Friday, April 23, 2010

Historical Income Taxes



I've taken the average weekly wages for production and nonsupervisory employees in the most recent employment situation report and multiplied it by 52 to come up with an average annual wage of $32,727.24. I've then taken that wage back in time (adjusted for inflation) to get a crude look at the income taxes in the past.

I'm ignoring all deductions and exemptions. The overall net tax rate is therefore lower (often much lower) than what it shows in the chart.

See Also:
Silly Roth IRA Math Revisited

Source Data:
U.S. Federal Individual Income Tax Rates History, 1913-2010
BLS: Employment Situation Summary
BLS: Historical CPI

21 comments:

EconomicDisconnect said...

Geez that huge spike right after the great depression has me worried about the aftermath of the great recession!

Anyways,
off to the Bahamas on Sunday for a week, you are alone on sarcasm duty till then. All my best.

Stagflationary Mark said...

GYSC,

Geez that huge spike right after the great depression has me worried about the aftermath of the great recession!

World War II saved us all!

"Sarcasm duty" for the win!

The American Economy during World War II

The Department of the Treasury, for instance, was remarkably successful at generating money to pay for the war, including the first general income tax in American history and the famous "war bonds" sold to the public. Beginning in 1940, the government extended the income tax to virtually all Americans and began collecting the tax via the now-familiar method of continuous withholdings from paychecks (rather than lump-sum payments after the fact). The number of Americans required to pay federal taxes rose from 4 million in 1939 to 43 million in 1945. With such a large pool of taxpayers, the American government took in $45 billion in 1945, an enormous increase over the $8.7 billion collected in 1941 but still far short of the $83 billion spent on the war in 1945. Over that same period, federal tax revenue grew from about 8 percent of GDP to more than 20 percent. Americans who earned as little as $500 per year paid income tax at a 23 percent rate, while those who earned more than $1 million per year paid a 94 percent rate. The average income tax rate peaked in 1944 at 20.9 percent ("Fact Sheet: Taxes").

mab said...

Stag,

I'm really excited that Obama and CONgress are looking to institute additional financial regulations. Wall St. and regulators clearly need more financial regulations that they can ignore.

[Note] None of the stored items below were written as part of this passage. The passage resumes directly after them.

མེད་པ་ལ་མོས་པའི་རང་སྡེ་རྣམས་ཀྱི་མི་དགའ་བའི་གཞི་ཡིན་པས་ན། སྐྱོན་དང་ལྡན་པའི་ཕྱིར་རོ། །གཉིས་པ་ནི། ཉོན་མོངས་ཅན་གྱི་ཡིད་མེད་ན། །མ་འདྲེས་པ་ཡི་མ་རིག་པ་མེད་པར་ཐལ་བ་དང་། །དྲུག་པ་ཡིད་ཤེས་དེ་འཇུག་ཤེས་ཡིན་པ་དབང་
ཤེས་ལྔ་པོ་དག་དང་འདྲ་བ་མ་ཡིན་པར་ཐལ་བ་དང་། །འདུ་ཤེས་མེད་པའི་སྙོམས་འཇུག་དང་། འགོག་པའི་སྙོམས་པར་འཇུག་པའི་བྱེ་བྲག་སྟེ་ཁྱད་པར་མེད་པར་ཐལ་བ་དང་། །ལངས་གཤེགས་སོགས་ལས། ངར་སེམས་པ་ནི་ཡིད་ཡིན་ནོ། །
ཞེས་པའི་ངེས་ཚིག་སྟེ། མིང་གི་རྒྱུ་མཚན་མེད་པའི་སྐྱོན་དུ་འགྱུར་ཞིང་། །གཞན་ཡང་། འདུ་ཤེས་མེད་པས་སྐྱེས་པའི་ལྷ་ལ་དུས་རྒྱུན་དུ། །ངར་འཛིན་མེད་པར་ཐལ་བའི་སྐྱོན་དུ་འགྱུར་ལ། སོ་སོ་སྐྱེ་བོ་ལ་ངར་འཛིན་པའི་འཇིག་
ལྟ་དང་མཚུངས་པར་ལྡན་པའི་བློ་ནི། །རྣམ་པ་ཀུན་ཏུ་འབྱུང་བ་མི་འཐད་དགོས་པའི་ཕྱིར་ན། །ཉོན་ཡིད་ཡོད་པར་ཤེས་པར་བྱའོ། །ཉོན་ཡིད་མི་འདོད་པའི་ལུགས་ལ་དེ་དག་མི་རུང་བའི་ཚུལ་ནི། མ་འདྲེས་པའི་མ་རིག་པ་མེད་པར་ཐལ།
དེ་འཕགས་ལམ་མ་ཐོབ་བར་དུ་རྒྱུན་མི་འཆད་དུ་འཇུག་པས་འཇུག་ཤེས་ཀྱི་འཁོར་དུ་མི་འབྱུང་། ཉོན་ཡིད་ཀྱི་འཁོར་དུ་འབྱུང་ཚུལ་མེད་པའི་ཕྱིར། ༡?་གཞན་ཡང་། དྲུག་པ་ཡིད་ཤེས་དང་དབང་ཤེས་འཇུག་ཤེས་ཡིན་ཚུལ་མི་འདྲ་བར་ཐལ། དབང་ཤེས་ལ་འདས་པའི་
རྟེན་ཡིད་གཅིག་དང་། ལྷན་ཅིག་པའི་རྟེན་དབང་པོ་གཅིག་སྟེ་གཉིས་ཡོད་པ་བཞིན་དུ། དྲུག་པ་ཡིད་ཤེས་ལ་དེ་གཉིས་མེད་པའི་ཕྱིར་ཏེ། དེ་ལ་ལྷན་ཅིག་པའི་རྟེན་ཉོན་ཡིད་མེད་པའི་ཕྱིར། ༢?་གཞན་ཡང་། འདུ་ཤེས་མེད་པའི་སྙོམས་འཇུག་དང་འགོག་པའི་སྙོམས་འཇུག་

I sure wish we could ignore taxes the way Wall St. ignores regulations.

I've been watching the financial inquiry hearings on cspan. Sickening.

Our financial system is not just wealth extraction system. It's a Government sponsored looting system. Through and through corruption.

Stagflationary Mark said...

mab,

It could be worse.

1. We can still openly discuss it.
2. We're slightly behind schedule (see below).

1984

"The book" explains that the purpose of the unwinnable, perpetual war is to consume human labour and commodities, hence the economy of a super-state cannot support economic equality (a high standard of life) for every citizen.

EconomicDisconnect said...

Enjoy the week!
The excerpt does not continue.